┌─ DATA RECORDS

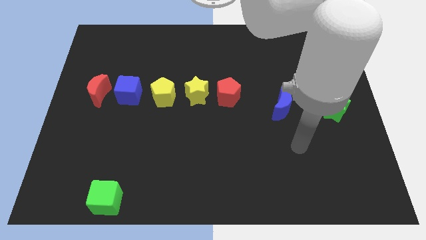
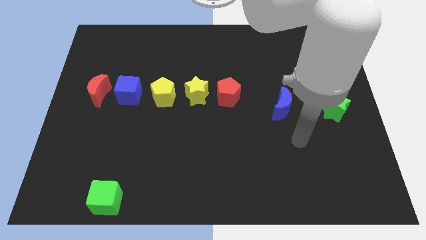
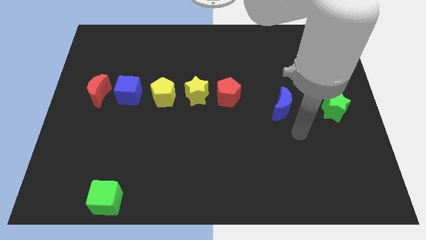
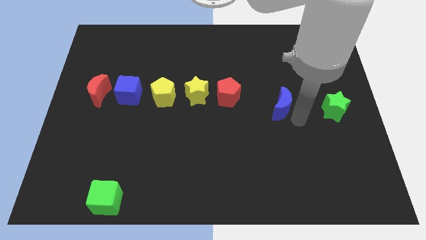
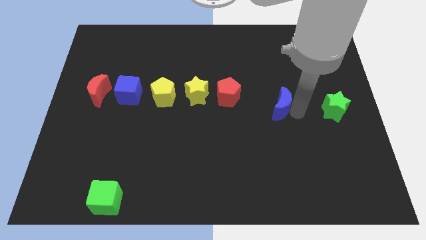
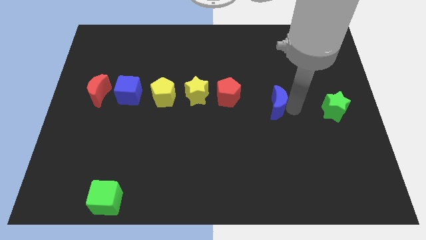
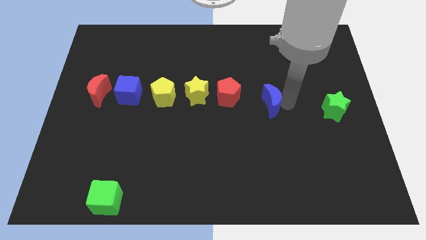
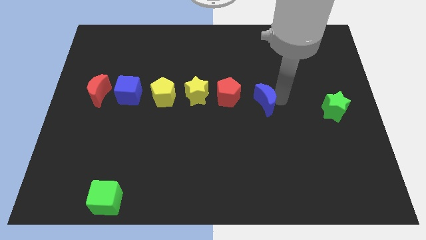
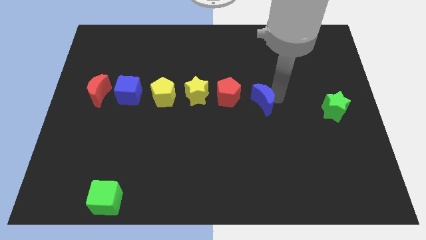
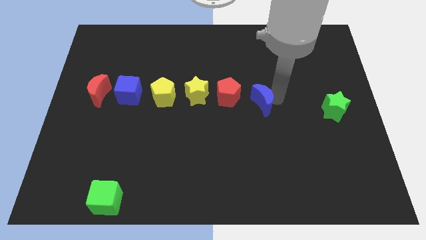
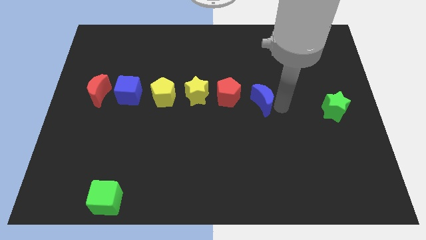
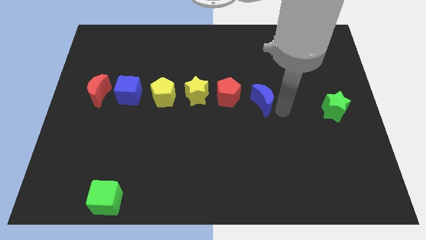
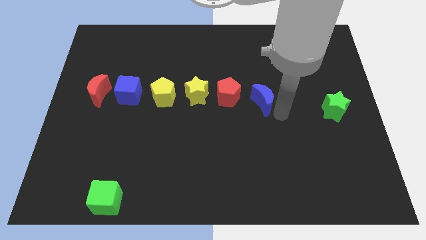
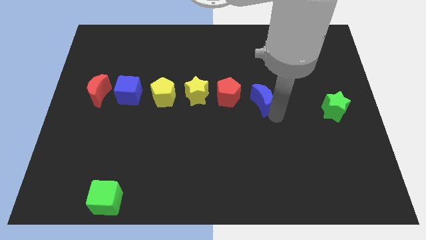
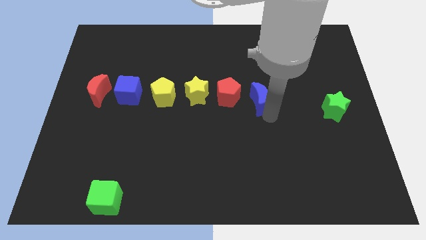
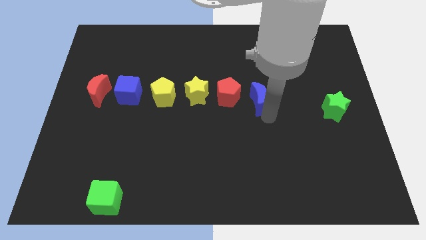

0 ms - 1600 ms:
move the blue crescent to the right of the red pentagon
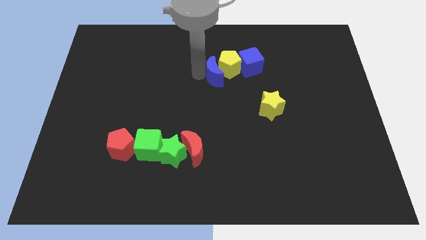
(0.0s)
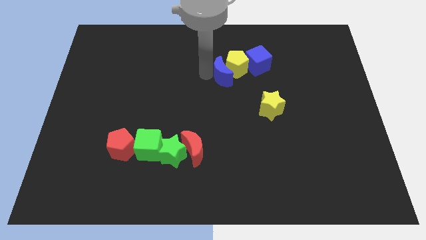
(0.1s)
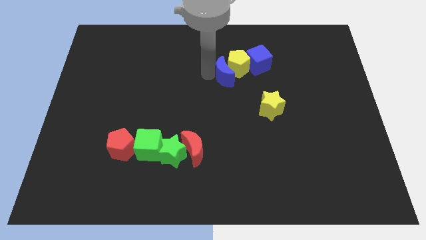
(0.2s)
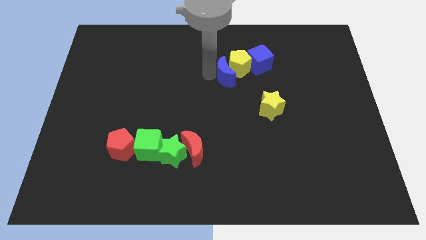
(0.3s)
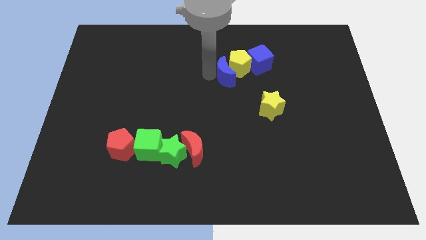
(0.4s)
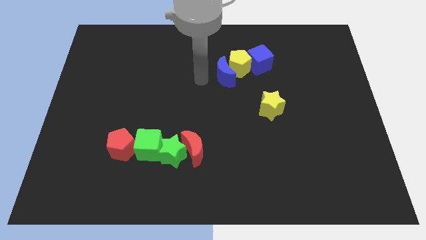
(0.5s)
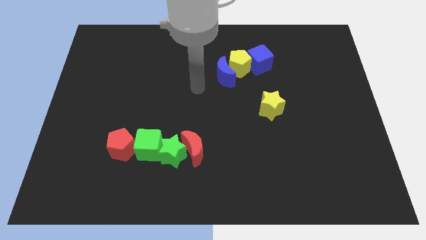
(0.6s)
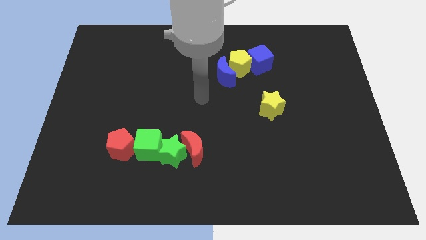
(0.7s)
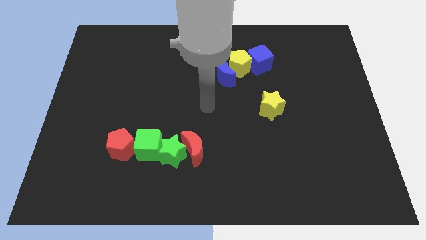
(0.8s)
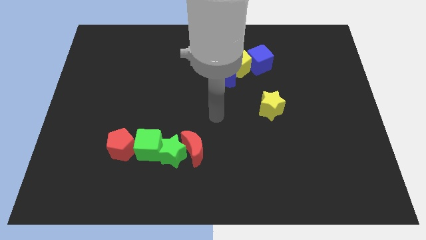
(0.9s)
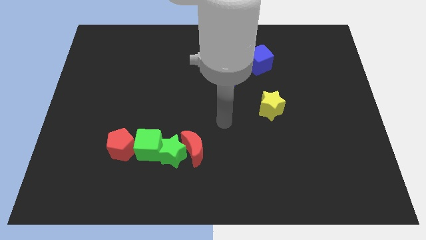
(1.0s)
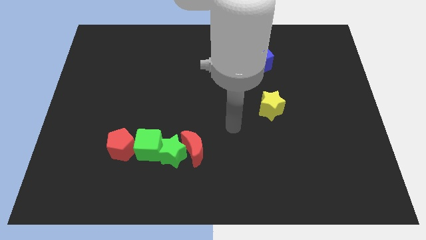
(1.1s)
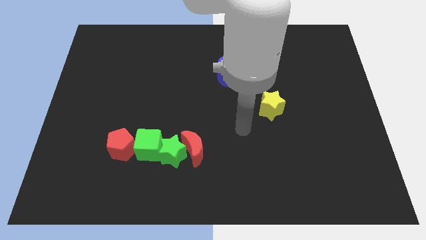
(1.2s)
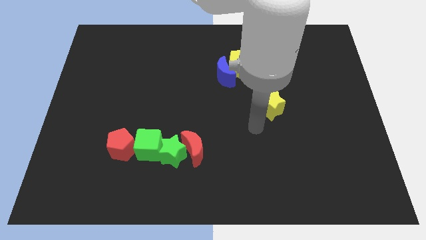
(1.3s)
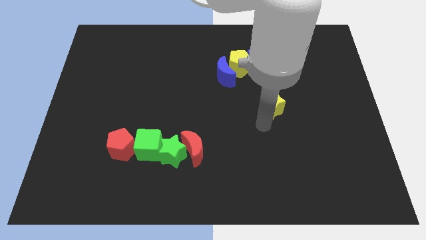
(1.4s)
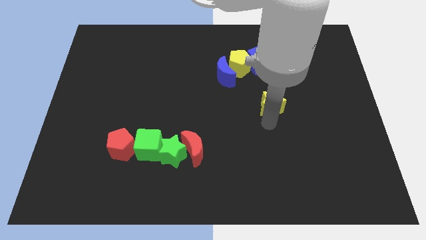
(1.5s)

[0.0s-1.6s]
point your arm to the bottom of the yellow star

└─

■ EXERCISE OBJECTIVE: Every entry above needs to be duplicated exactly, without its images.

■ OUTPUT BELOW:
0 ms - 1600 ms:
move the blue crescent to the right of the red pentagon
(0.0s)
(0.1s)
(0.2s)
(0.3s)
(0.4s)
(0.5s)
(0.6s)
(0.7s)
(0.8s)
(0.9s)
(1.0s)
(1.1s)
(1.2s)
(1.3s)
(1.4s)
(1.5s)

[0.0s-1.6s]
point your arm to the bottom of the yellow star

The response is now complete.